It was already four years ago when I created my Newsmap. It is time to update the whole system: fully rewritten in Python and developing a new classification algorithm. This is why I generated a 5,000 human-coded international news stories using the Prolific Academic.
Thanks to the crowed-sourcing services, recruiting is no longer a problem, but we still have to provide coding instruction, and it has to be very clear and simple. The coding rules for my research is even-oriented, and international news stories were coding according to the location of the events or problems concerned.
Unlike traditional codebooks for content analysis, which are often long and complex, Newsmap coding instruction is only five pages, and comes with classification codes in a separate CSV file.
I recently created a sizable human-coded dataset (5,000 items) of international news using the Prolific Academic service. The Prolific Academic is an Oxford-based academic alternative to the Amazon Mechanical Turk. The advantage of using this services is that researchers only have to compensate for work that they approve. The potential drawback is its relatively high costs. The service require researches to offer ‘ethical rewards’ to participants, and the minimum rate is £5. Most of the participants of the Prolific Academic are university students, but may be the same.
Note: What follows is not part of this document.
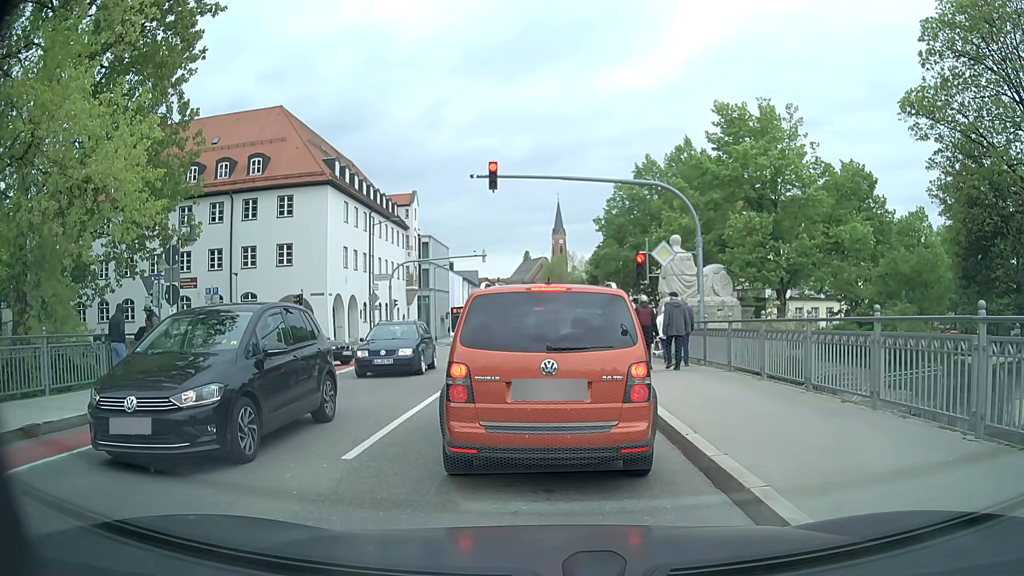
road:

One of the reasons I had chosen the Prolific Academic over the Amazon Mechanical Turk was that classification of international news stories by the Turks may not be very accurate since the Americans are infamous for the lack of knowledge about foreign events.
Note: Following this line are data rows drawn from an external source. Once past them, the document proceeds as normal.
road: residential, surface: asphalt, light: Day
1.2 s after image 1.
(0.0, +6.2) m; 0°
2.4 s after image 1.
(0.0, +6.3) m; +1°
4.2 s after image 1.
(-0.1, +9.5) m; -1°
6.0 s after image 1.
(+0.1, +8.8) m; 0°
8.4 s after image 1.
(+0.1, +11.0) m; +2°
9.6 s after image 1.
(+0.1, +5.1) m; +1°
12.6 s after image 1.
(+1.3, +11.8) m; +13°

The classification accuracy of the Prolific Academic participants in my project is shown below by country. Locations of participants (based on IP addresses) are concentrated in three countries, the UK, the US India, and the estimated accuracy (0-10) of the coding by the participants seems to be supporting my hypothesis: the Americans are not good in analyzing international news stories…
accuracy n percent
Austria 7.000000 1 0.3
Thailand 6.000000 4 1.3
Viet Nam 6.000000 4 1.3
United Kingdom 5.931250 160 51.8
Canada 5.666667 3 1.0
Spain 5.666667 9 2.9
Romania 5.600000 5 1.6
United States 5.192308 26 8.4
India 4.956989 93 30.1
Czech Republic 4.500000 2 0.6
Portugal 4.000000 1 0.3
Philippines 3.000000 1 0.3
The estimated accuracy of the US participants are much lower than UK counterparts. The low accuracy of the Indians participants seem to be due to their limited English language skills. Despite the prerequisite that English is the first language, the high hourly rate, which is very close to the minimum wage in the UK, attracted a lot of less qualified people. The Indians are only account for 2% of the registrants to the service, but it was 30% in this project.
I was expecting that the participants’ classification accuracy increases as they perform more tasks, but quite the opposite was the case. Some of the participants did really good jobs initially, but their classification accuracy usually decreased and sometimes became below 70%. The declining tendency in performance can be explained by participants’ attempt for cost minimization.
Those observations raise questions in crowd-sourced content analysis:
- Whether the Amazon Mechanical Turk is the always the best crowd-sourcing platform?
- Should we offer different amounts of reward to participants according to country of residence?
- How can we maintain or improve performance of participants over the course of projects?